Assim, nesta 1h de filme que leva até este clímax, acabamos por ficar exaustos porque a única coisa que Pansy faz é gritar com as pessoas sem razão aparente; nomeadamente na caixa do supermercado e no parque de estacionamento de uma loja. Chegamos a rir-nos do ridículo das situações com as quais Pansy se chateia e (quero acreditar) certamente esse não era um objetivo de Mike Leigh, perante um drama tão pesado que a personagem carrega.
Dito isto, ainda assim, é notório que a atriz Marianne Jean-Baptiste carrega este filme às costas ao ser bastante crua na sua representação.
A família de Pansy
“Verdades Difíceis” é um filme que se centra, efetivamente, na figura de Pansy. No entanto, Mike Leigh também nos dá a conhecer a sua família. Assim, ao longo do filme, vemos o marido no trabalho de canalizador, o seu filho na rua (onde também sofre), a sua irmã no seu salão de cabeleireiro onde trabalha e ainda as sobrinhas.
Estas pequenas cenas que pontuam o filme servem (e bem) para o equilibrar. Caso contrário, seria mesmo desgastante ver apenas Pansy a gritar. Neste sentido, sinto que podíamos ver mais algumas cenas com os familiares de Pansy, sobretudo com as suas sobrinhas que mal aparecem e, inicialmente, até nem percebemos a sua relação com Pansy…
Pansy, finalmente, quebra-se no cemitério, como disse anteriormente, quando percebe que não é só Chantelle que sente falta da mãe mas ela própria também e que as suas reações podem afastar a sua família. “Não te entendo, mas amo-te”, responde-lhe Chantelle, quando Pansy diz que todos lhe odeiam.
Segue-se, depois, uma cena de almoço de família no Dia da Mãe onde Pansy acaba por demonstrar as suas fragilidades perante toda a família, especialmente quando sabe do gesto do seu filho que lhe comprou flores (embora, num gesto selvagem, o marido Curtley as deite fora).
Mais tarde, depois de se aleijar no trabalho, Curtley regressa a casa. O filme termina de uma forma algo brusca, mas cheia de significado. Pansy não vai acudir o marido e Curtley chora sozinho na cozinha. Ambos percebem que têm de se esforçar mais para se compreenderem…
Algumas conclusões do ponto de vista técnico
Em termos de argumento, conforme disse, a narrativa poderia ter sido muito melhor trabalhada. Por outro lado, não há dúvida que Marianne Jean-Baptiste e Michele Austin foram a escolha acertada para representarem as irmãs deste filme, transmitindo bastante emoção com as suas personagens.

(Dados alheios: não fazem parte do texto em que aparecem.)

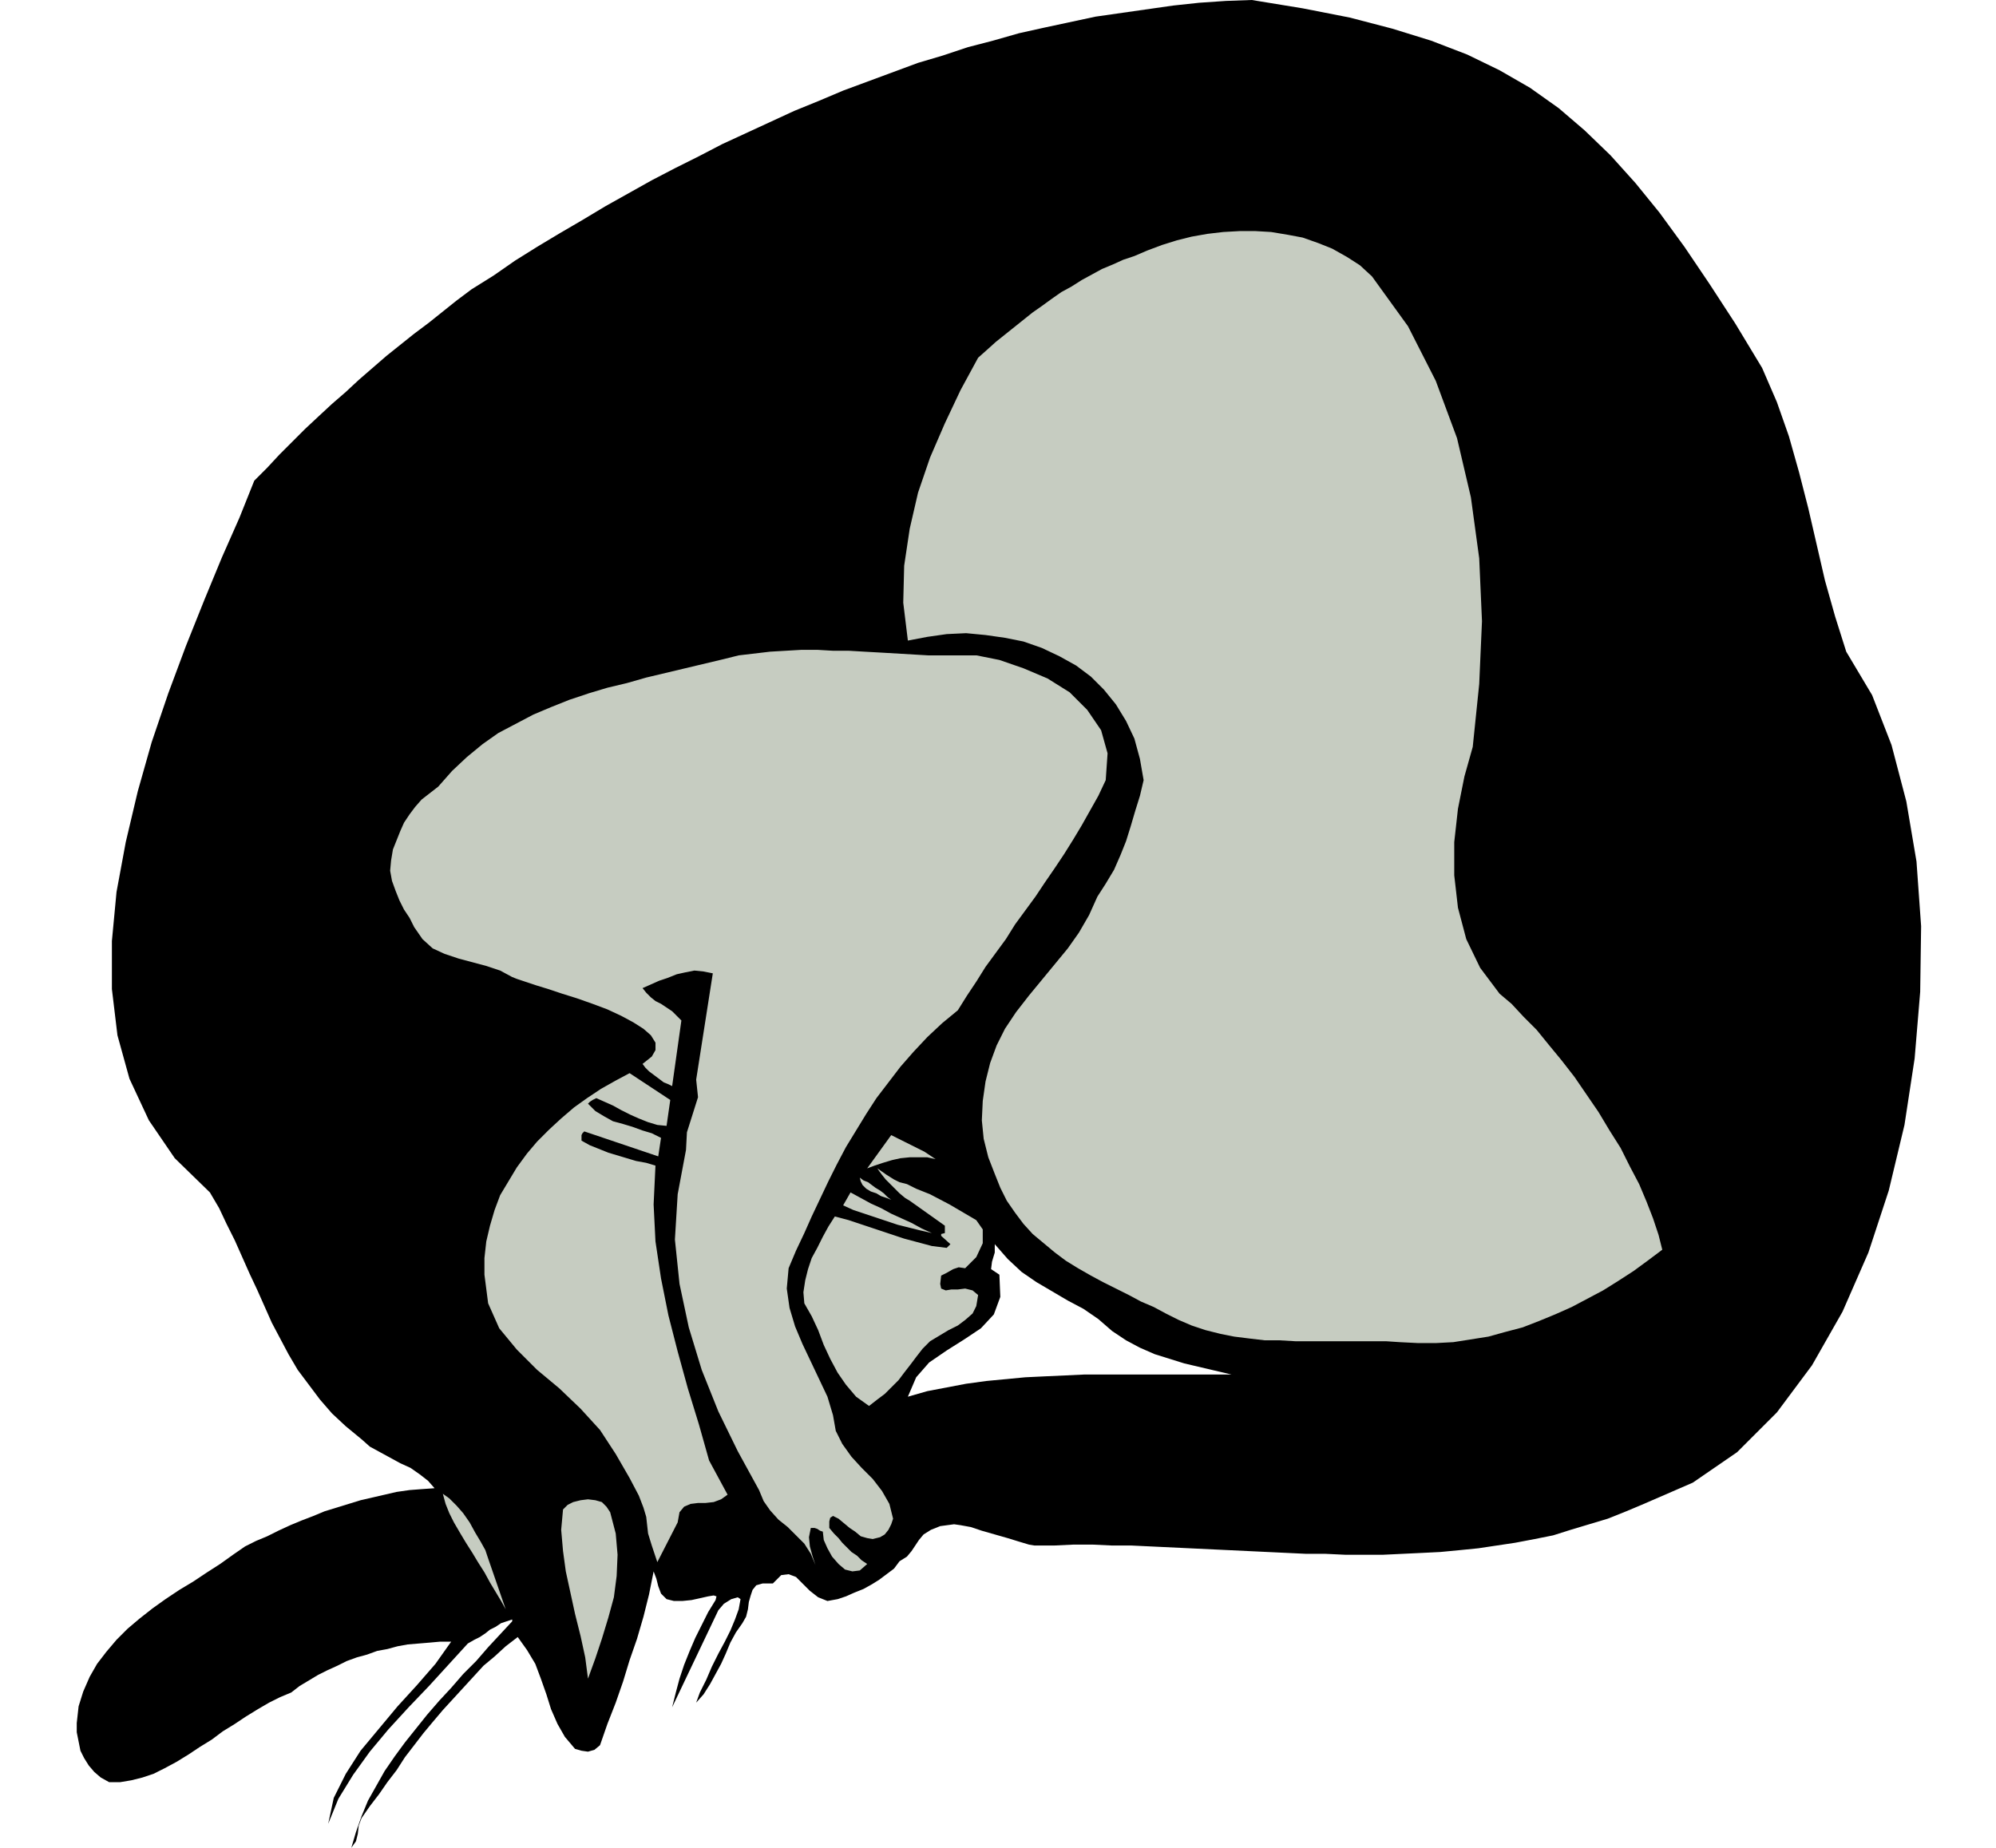 <svg xmlns="http://www.w3.org/2000/svg" fill-rule="evenodd" height="1.999in" preserveAspectRatio="none" stroke-linecap="round" viewBox="0 0 2159 1999" width="2.159in"><style>.pen1{stroke:none}</style><path class="pen1" d="m1354 0 55 9 51 10 46 12 42 13 39 15 35 17 33 19 31 22 28 24 28 27 27 30 26 32 27 37 27 40 28 43 29 48 16 37 13 37 11 39 10 39 9 39 9 39 11 39 12 38 28 47 21 54 16 61 11 65 5 70-1 71-6 72-11 72-17 71-22 67-28 64-33 58-38 51-43 43-48 33-53 23-19 8-20 8-20 6-20 6-19 6-20 4-21 4-20 3-20 3-20 2-21 2-20 1-21 1-21 1h-41l-21-1h-21l-21-1-21-1-21-1-21-1-21-1-21-1-21-1-21-1-21-1h-21l-21-1h-21l-21 1h-21l-6-1-10-3-13-4-14-4-14-4-12-4-11-2-7-1-15 2-10 4-8 5-5 6-4 6-4 6-5 6-8 5-6 8-8 6-8 6-8 5-9 5-10 4-9 4-9 3-11 2-10-4-9-7-8-8-7-7-8-3-8 1-9 9h-11l-7 2-4 5-2 6-2 7-1 8-2 8-4 7-7 10-6 11-5 12-5 11-6 11-6 11-7 11-8 9 4-11 7-14 6-14 7-14 7-13 6-12 5-12 4-11 2-11-3-2-7 2-8 5-6 7-50 105 4-16 4-15 5-15 6-15 6-14 7-14 7-14 8-13 1-4-3-1-6 1-9 2-9 2-10 1h-9l-8-2-6-6-3-8-2-8-3-8-5 25-6 24-7 24-8 23-7 23-8 23-9 23-8 23-6 5-7 2-7-1-7-2-11-13-8-14-7-16-5-16-6-17-6-16-9-15-10-14-13 10-12 11-12 10-11 12-11 12-11 12-11 12-11 13-10 12-10 13-10 13-9 14-10 13-9 13-10 13-9 13-3 8-1 9-2 8-5 7 5-17 6-17 7-17 9-16 9-16 11-16 11-15 12-15 12-15 13-15 13-14 13-15 14-14 13-15 13-14 13-14v-2l-6 2-6 2-6 4-6 3-5 4-6 4-6 3-7 4-21 23-21 23-22 23-22 24-20 24-18 25-16 26-11 27 6-28 13-26 16-25 20-24 20-24 21-23 20-23 17-24h-12l-11 1-12 1-12 1-11 2-11 3-11 2-11 4-11 3-11 4-10 5-11 5-10 5-10 6-10 6-9 7-12 5-12 6-12 7-13 8-12 8-13 8-12 9-13 8-12 8-13 8-13 7-12 6-12 4-12 3-12 2h-12l-9-5-7-6-6-7-5-8-4-8-2-10-2-10v-10l2-18 5-16 7-16 8-14 10-13 11-13 12-12 13-11 14-11 14-10 15-10 15-9 15-10 14-9 14-10 13-9 12-6 12-5 12-6 13-6 12-5 13-5 12-5 13-4 13-4 13-4 13-3 13-3 13-3 14-2 13-1 14-1-7-8-9-7-10-7-11-5-11-6-11-6-11-6-9-8-17-14-15-14-13-15-12-16-12-16-10-17-9-17-9-17-8-18-8-18-8-17-8-18-8-18-9-18-8-17-10-17-38-37-28-41-21-45-13-47-6-50v-52l5-53 10-54 13-55 15-53 18-53 19-51 20-50 19-46 19-43 16-40 14-14 13-14 14-14 14-14 15-14 14-13 15-13 14-13 15-13 15-13 15-12 15-12 16-12 15-12 15-12 16-12 24-15 23-16 24-15 25-15 24-14 25-15 25-14 25-14 25-13 26-13 25-13 26-12 26-12 26-12 27-11 26-11 27-10 27-10 27-10 27-8 27-9 27-7 28-8 27-6 28-6 28-6 28-4 28-4 28-4 28-3 29-2 28-1zm-151 1440-15-13-16-11-17-9-17-10-17-10-16-11-15-14-14-16v9l-3 10-1 8 9 6 1 24-7 19-14 15-18 12-19 12-19 13-14 16-9 21 21-6 21-4 21-4 22-3 21-2 21-2 21-1 22-1 21-1h159l-17-4-17-4-17-4-16-5-16-5-16-7-15-8-15-10z" style="fill:#000"/><path class="pen1" d="m1056 1320 7 10v15l-7 15-12 12-7-1-6 2-7 4-6 3-1 9 1 5 5 2 6-1h7l8-1 8 2 6 5-2 12-4 8-8 7-8 6-10 5-10 6-10 6-8 8-7 9-6 8-7 9-6 8-7 7-8 8-8 6-9 7-14-10-11-13-9-13-8-15-7-15-6-16-7-15-8-14-1-12 2-13 3-12 4-12 6-11 6-12 6-11 7-11 15 4 15 5 15 5 15 5 15 5 15 4 15 4 16 2 4-4-10-9v-2l4-1v-8l-38-27-5-3-6-5-5-5-5-5-5-5-4-5-3-4-2-3 10 7 8 5 6 3 8 2 10 5 15 6 21 11 29 17zm-48 14-11-5-11-6-11-5-11-5-11-6-11-5-11-6-11-6-8 14 11 5 12 4 12 4 12 4 12 4 12 3 12 3 13 3zm-44-36-4-3-4-4-4-3-5-3-4-3-4-3-5-2-4-3 1 4 2 4 4 4 5 3 6 2 5 3 6 2 5 2zm48-44-6-4-6-4-6-3-6-3-6-3-6-3-6-3-6-3-26 36 8-3 9-3 10-3 9-2 10-1h19l9 2zm472-955-13-12-14-9-16-9-15-6-17-6-16-3-18-3-17-1h-17l-18 1-17 2-17 3-16 4-16 5-16 6-14 6-12 4-11 5-12 5-11 6-11 6-11 7-11 6-10 7-11 8-10 7-10 8-10 8-10 8-10 8-10 9-9 8-19 35-17 36-16 37-13 38-9 39-6 40-1 40 5 41 21-4 21-3 21-1 21 2 21 3 20 4 20 7 19 9 18 10 16 12 14 14 13 16 11 18 9 19 6 22 4 23-4 17-5 16-5 17-5 16-6 15-7 16-9 15-9 14-9 20-11 19-12 17-14 17-14 17-14 17-14 18-12 18-9 18-7 19-5 20-3 21-1 21 2 20 5 20 7 18 6 15 7 14 9 13 9 12 10 11 12 10 12 10 12 9 13 8 14 8 13 7 14 7 14 7 13 7 14 6 13 7 14 7 14 6 15 5 16 4 15 3 16 2 17 2h16l17 1h98l15 1 20 1h19l19-1 19-3 19-3 18-5 19-5 18-7 17-7 18-8 17-9 17-9 16-10 17-11 15-11 16-12-4-16-6-18-7-18-8-19-10-19-10-20-12-19-12-20-13-19-13-19-14-18-14-17-13-16-14-14-13-14-13-11-21-28-15-31-9-34-4-35v-36l4-36 7-35 9-32 7-68 3-68-3-68-9-66-15-64-23-62-30-59-39-54zm-428 410h-52l-17-1-17-1-17-1-18-1-17-1h-17l-17-1h-17l-17 1-17 1-17 2-17 2-16 4-21 5-21 5-21 5-21 5-21 6-21 5-20 6-21 7-20 8-19 8-19 10-19 10-17 12-17 14-16 15-15 17-9 7-9 7-7 8-6 8-6 9-4 9-4 10-4 10-2 12-1 11 2 11 4 11 4 10 5 10 6 9 5 10 9 13 11 10 13 6 15 5 15 4 15 4 15 5 13 7 5 2 9 3 12 4 13 4 15 5 16 5 17 6 16 6 15 7 13 7 11 7 8 7 5 8v8l-4 7-10 8 3 4 4 4 4 3 4 3 4 3 4 3 5 2 4 2 10-71-5-5-5-5-6-4-6-4-6-3-5-4-5-5-4-5 9-4 9-4 9-3 10-4 9-2 10-2 10 1 10 2-18 115 2 19-6 19-6 19-1 19-9 48-3 49 5 48 10 47 14 46 18 45 21 43 23 42 5 12 7 10 9 10 10 8 9 9 9 9 7 11 5 12-3-9-3-11-1-10 2-10h4l3 1 3 2 3 1 1 9 4 9 5 9 7 8 7 6 8 2 8-1 8-7-6-4-5-5-6-4-5-5-5-5-4-5-5-5-5-6v-7l1-4 3-2 6 3 6 5 6 5 6 4 6 5 7 2 6 1 8-2 5-3 4-5 3-6 2-6-4-16-8-14-10-13-12-12-11-12-10-14-7-14-3-17-6-20-9-19-9-19-9-19-8-19-6-20-3-21 2-22 8-19 9-19 8-18 9-19 9-19 9-18 10-19 11-18 11-18 11-17 13-17 13-17 14-16 15-16 16-15 17-14 10-16 10-15 10-16 11-15 11-15 10-16 11-15 11-15 10-15 11-16 10-15 10-16 9-15 9-16 9-16 8-17 2-29-7-25-15-22-19-19-24-15-26-11-26-9-25-5zm-331 481-4 28-10-1-10-3-10-4-9-4-10-5-9-5-9-4-9-4-2 1-2 1-3 2-2 2 8 8 10 6 9 5 11 3 10 3 11 4 10 3 10 5-3 20-80-27-2 2-1 2v6l9 5 10 4 10 4 10 3 10 3 10 3 11 2 10 3-2 42 2 40 6 40 8 40 10 39 11 40 12 39 11 39 20 37-7 5-8 3-9 1h-8l-8 1-7 3-5 6-2 11-22 43-6-18-4-13-1-9-1-9-3-10-5-13-10-19-15-26-17-26-21-23-23-22-24-20-22-22-19-23-12-27-4-31v-18l2-18 4-17 5-17 6-16 9-15 9-15 11-15 11-13 13-13 13-12 14-12 14-10 15-10 16-9 15-8 44 29zm-65 446 6 23 2 23-1 23-3 23-6 22-7 23-7 21-8 22-3-23-5-23-6-24-5-23-5-23-3-22-2-23 2-22 5-5 6-3 8-2 8-1 8 1 7 2 5 5 4 6zm-132 50 19 55-5-9-6-10-6-10-6-11-7-11-6-10-7-11-6-10-7-12-5-10-4-10-3-11 7 5 8 8 7 8 7 10 6 11 6 10 5 9 3 9z" style="fill:#c6ccc1"/></svg>

Um outro ponto positivo é a escolha dos décores onde todos foram muito bem escolhidos: desde a casa de Pansy, ao supermercado, à casa de Chantelle e os exteriores. Todos os locais trazem significado ao filme que também tem uma muito boa direção de fotografia.
Verdades Difíceis
Conclusão
- “Verdades Difíceis” é a nova longa-metragem de Mike Leigh. Trata-se de um drama familiar pesado onde a protagonista sofre em silêncio mas extrapola a sua dor gritando com toda a gente sem razão aparente.
- O filme começa de forma segura e sentimos compaixão para com Pansy. No entanto, ao longo de 1h, sentimos que a protagonista não faz mais nada a não ser gritar. O clímax da personagem é atingindo numa pesada e emotiva cena no cemitério, mas ainda há muito caminho a percorrer nesta fraturada família…
- As cenas com os familiares da protagonista servem como equilíbrio ao filme mas gostaríamos de ver mais. Mike Leigh poderia ter feito um filme um pouco melhor.